Asymmetric Tolerance
As Lippa explains, when more than 30,000 people died in the United States last year from prescription opiate overdose, it was the drugs’ respiratory effect that killed them: “For patients in severe pain, an effective dose of oxycodone is 10 milligrams. You need to take 50 milligrams before you start seeing respiratory depression, but when you start taking opiates chronically, you rapidly develop tolerance. Soon the 10 milligrams doesn’t work, and you go up to 20 milligrams, and after a while, 30, 40, and 50 milligrams. Tolerance develops equally to the euphorigenic effects, the so-called high, but much less tolerance develops to the respiratory depression. The 40-50 milligram dose is bumping up against the level of toxic respiratory depressive effects, and that’s the deadliest problem with the opiate epidemic right now.”

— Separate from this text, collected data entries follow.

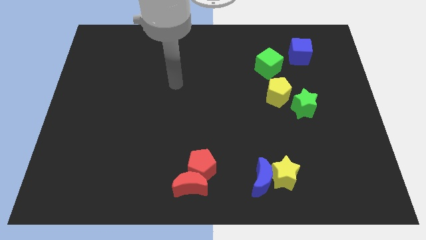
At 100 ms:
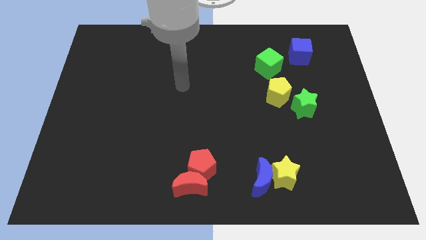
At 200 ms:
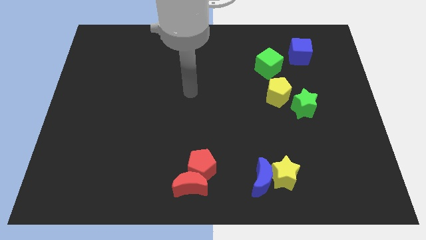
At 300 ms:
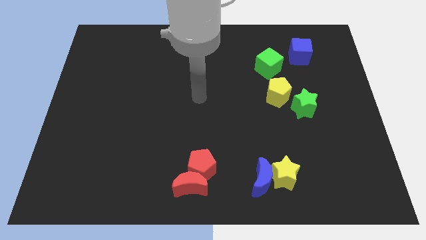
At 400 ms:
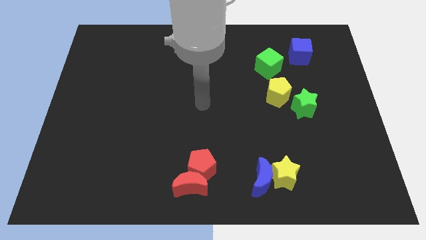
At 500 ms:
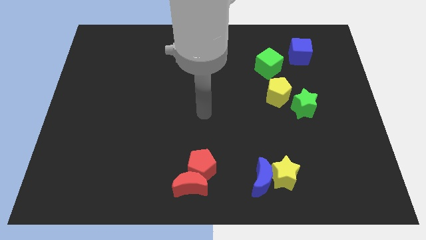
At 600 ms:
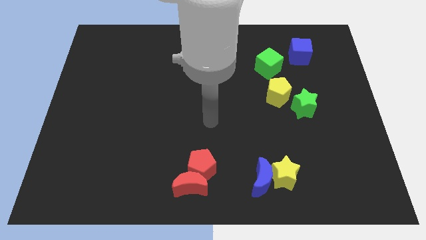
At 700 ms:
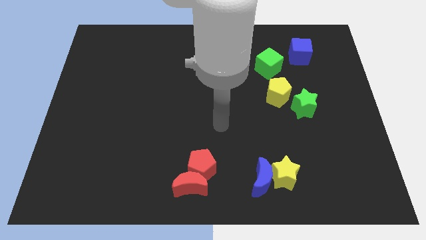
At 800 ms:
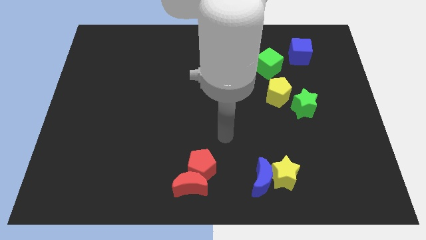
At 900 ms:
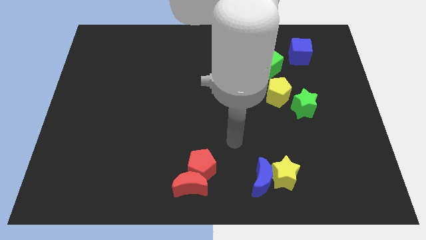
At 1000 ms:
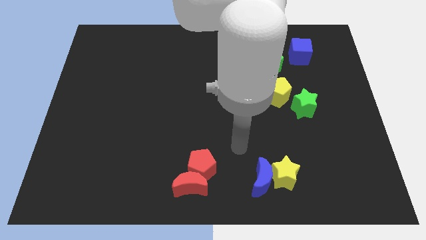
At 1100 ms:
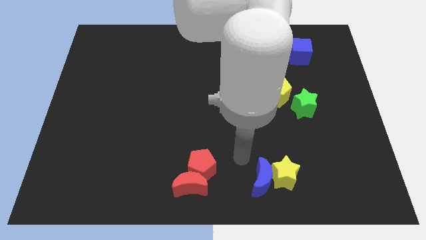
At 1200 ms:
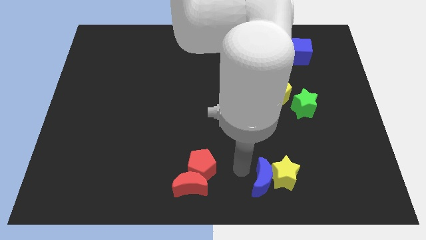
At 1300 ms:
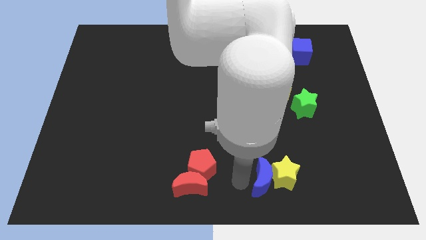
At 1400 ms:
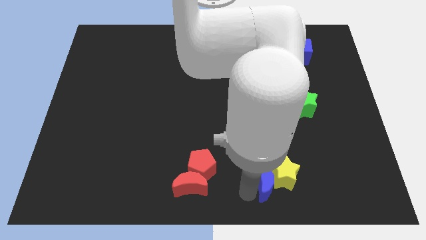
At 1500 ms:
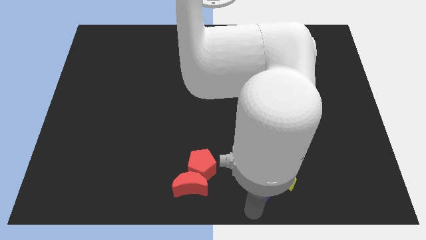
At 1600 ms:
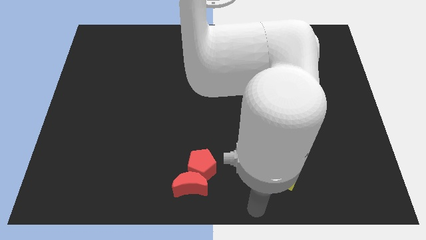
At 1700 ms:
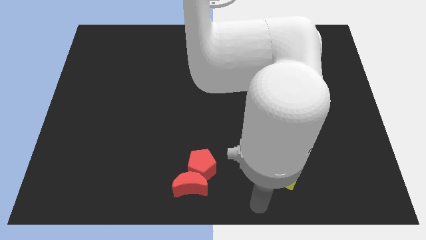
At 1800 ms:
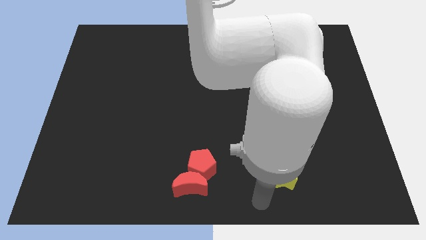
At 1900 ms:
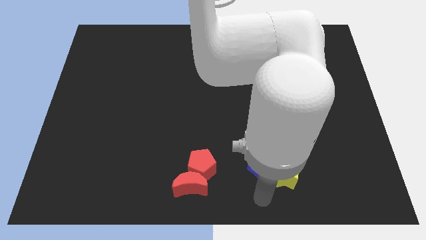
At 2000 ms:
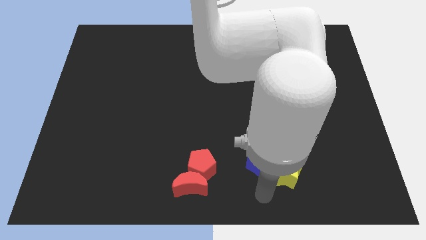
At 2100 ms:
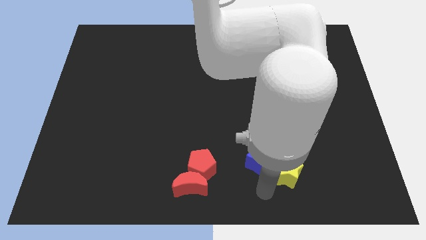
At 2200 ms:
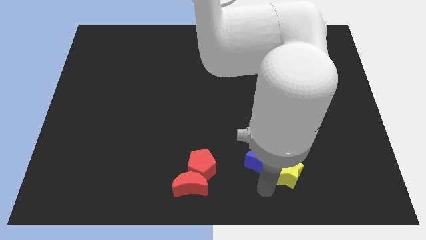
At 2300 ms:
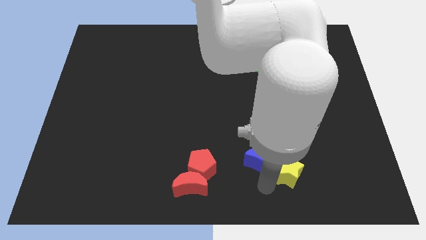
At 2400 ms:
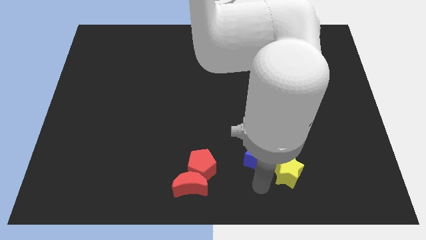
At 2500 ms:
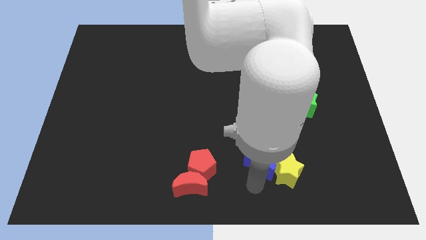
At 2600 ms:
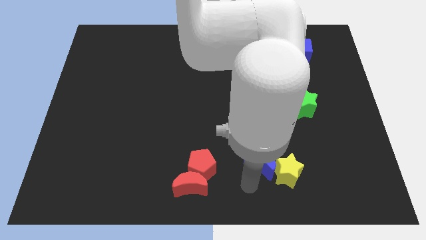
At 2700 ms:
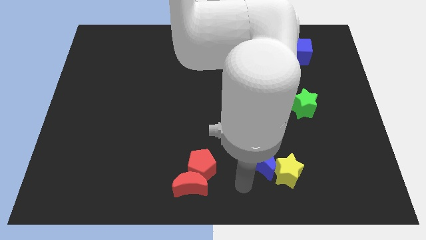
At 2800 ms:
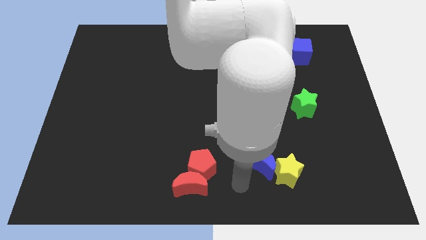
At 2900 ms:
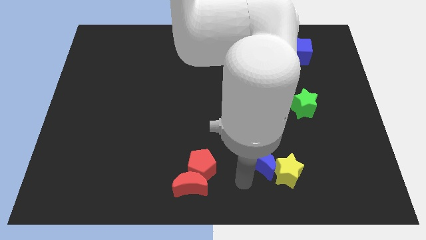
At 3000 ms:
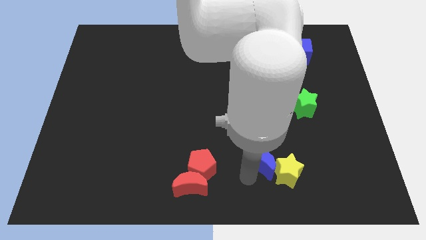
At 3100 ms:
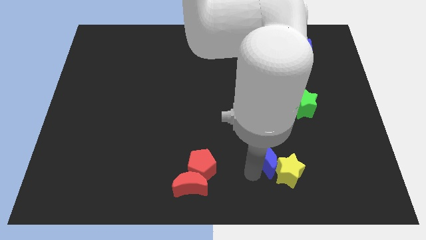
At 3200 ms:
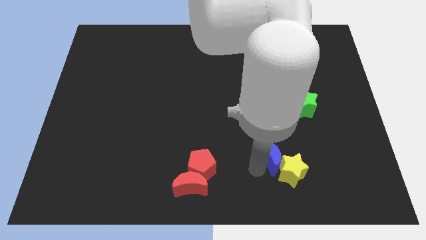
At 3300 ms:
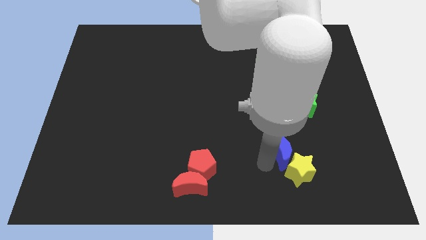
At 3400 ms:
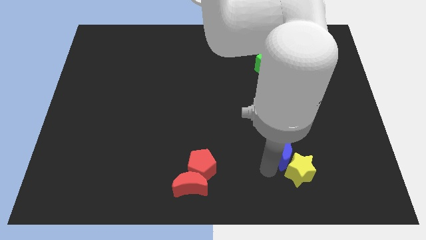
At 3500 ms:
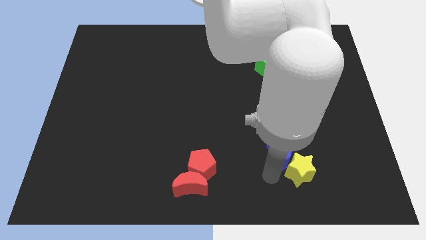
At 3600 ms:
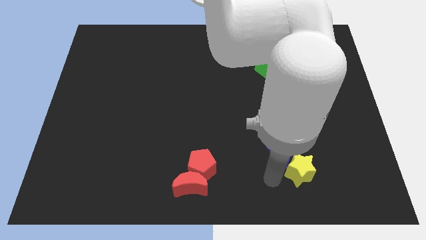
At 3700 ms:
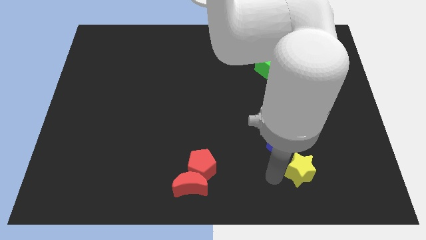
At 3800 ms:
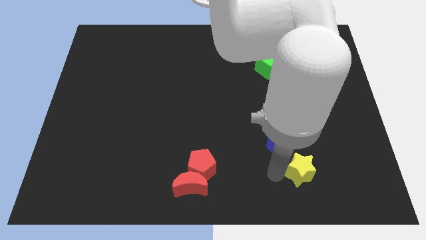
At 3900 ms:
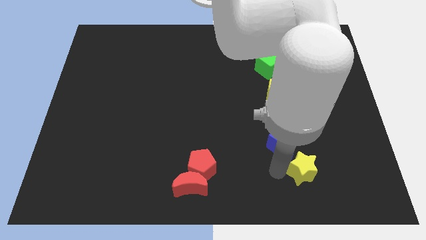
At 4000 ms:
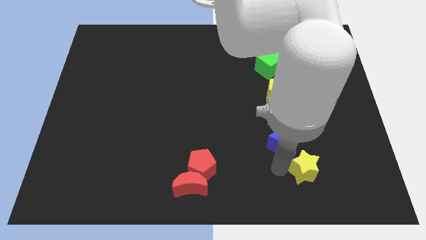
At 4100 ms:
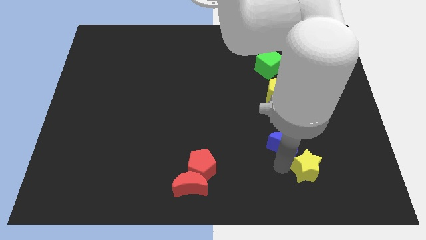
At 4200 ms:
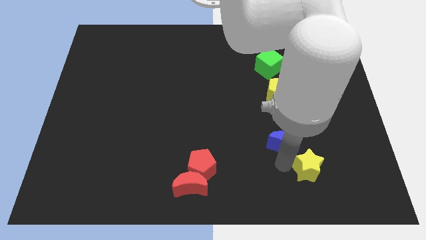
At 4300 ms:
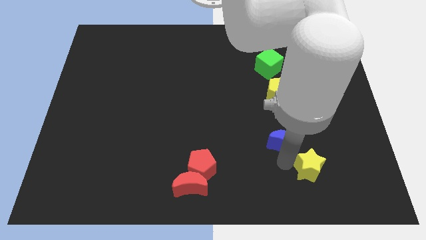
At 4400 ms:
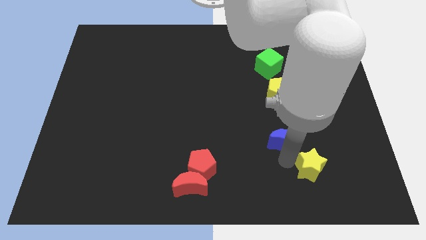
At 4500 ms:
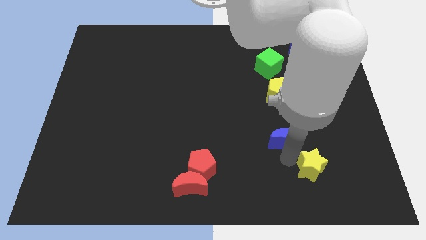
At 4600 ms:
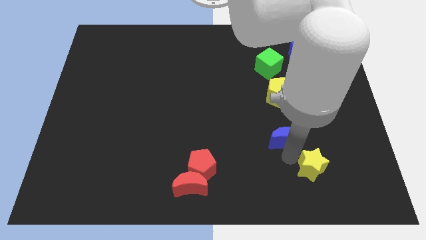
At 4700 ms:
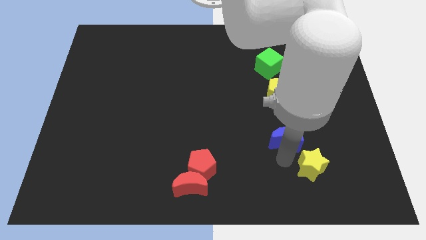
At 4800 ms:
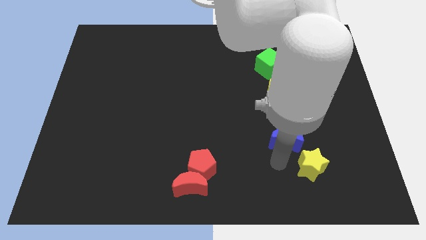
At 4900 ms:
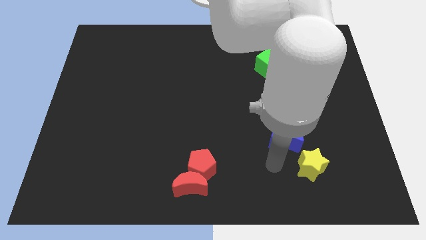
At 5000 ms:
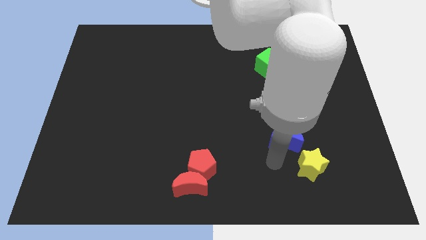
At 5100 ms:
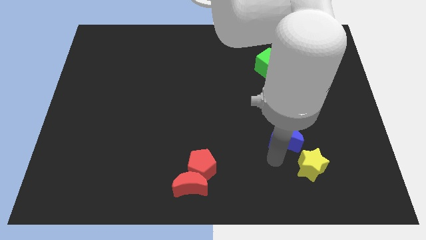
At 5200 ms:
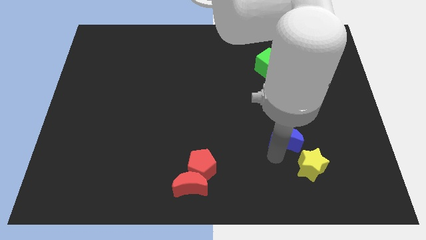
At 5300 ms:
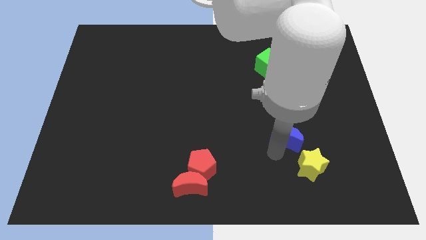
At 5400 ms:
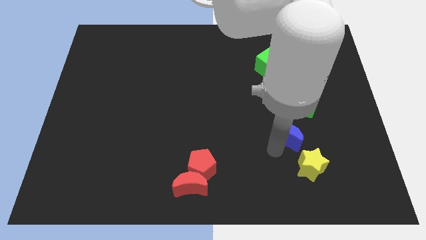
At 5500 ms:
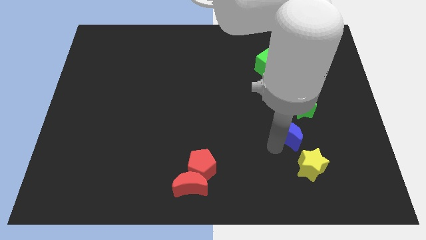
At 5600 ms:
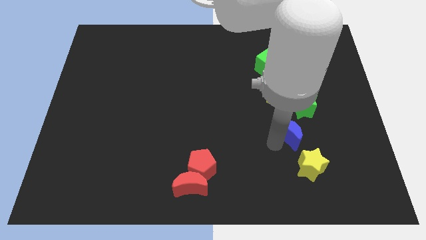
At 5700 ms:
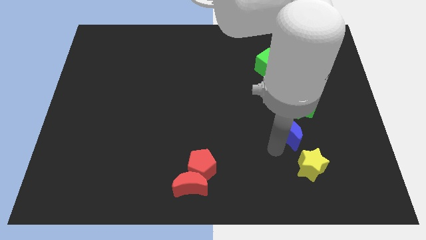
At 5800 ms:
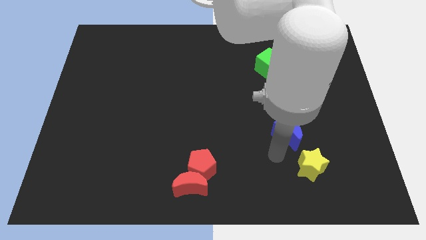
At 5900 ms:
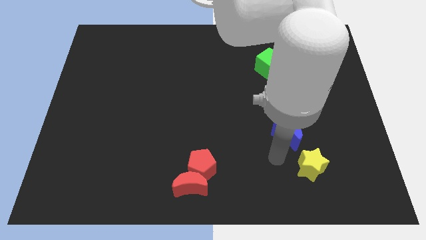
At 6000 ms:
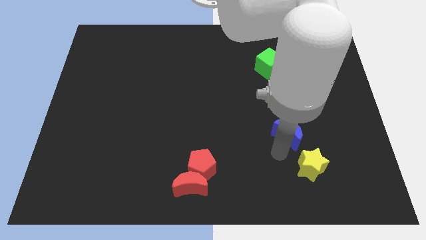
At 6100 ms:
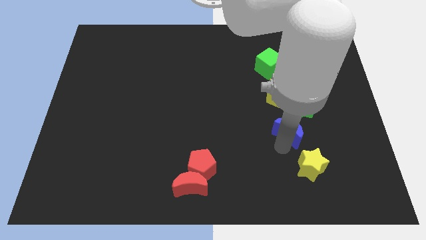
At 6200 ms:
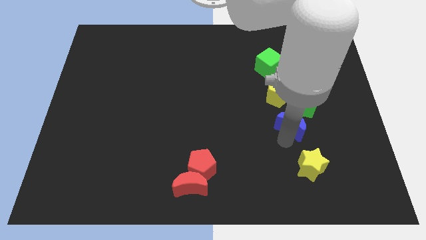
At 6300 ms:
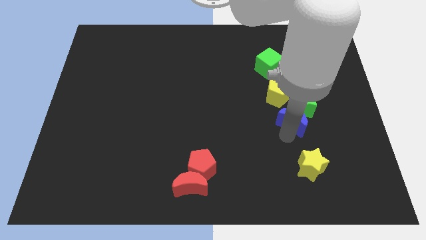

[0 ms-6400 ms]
slide the blue moon towards the green star

RespireRx has two ampakine candidates for potential opioid-ampakine combinations: CX717, assuming it can be exonerated and taken off the FDA’s negative list, and CX1739. Both will go into a number of yet-to-be-determined studies, all needing additional financing. It is, to say the least, an audacious approach to the opioid dilemma — in keeping with the boldness of the company’s overall thrust into the respiratory area.

“We have three primary goals: use of our products in combination with opiates, in sleep apnea, and in various orphan diseases, starting with spinal injury and Pompe,” says Lippa. “In combination with opiates, there are three potential markets. One is acute and semi-acute use in a hospital or surgical setting. The second is in postsurgical analgesia, as with IV morphine, which is an easy development route because you don’t need long-term animal safety. The third is chronic use in a proprietary combination.”

Is this another comeback story for a waylaid technology, such as monoclonal antibodies or immuno-oncology? Will ampakines enjoy a similar renaissance, reborn in the breathing sphere? It will take further enterprise to find the answer, and the enterprise likely to make that discovery, at the end of its current development trail, now appears to be RespireRx.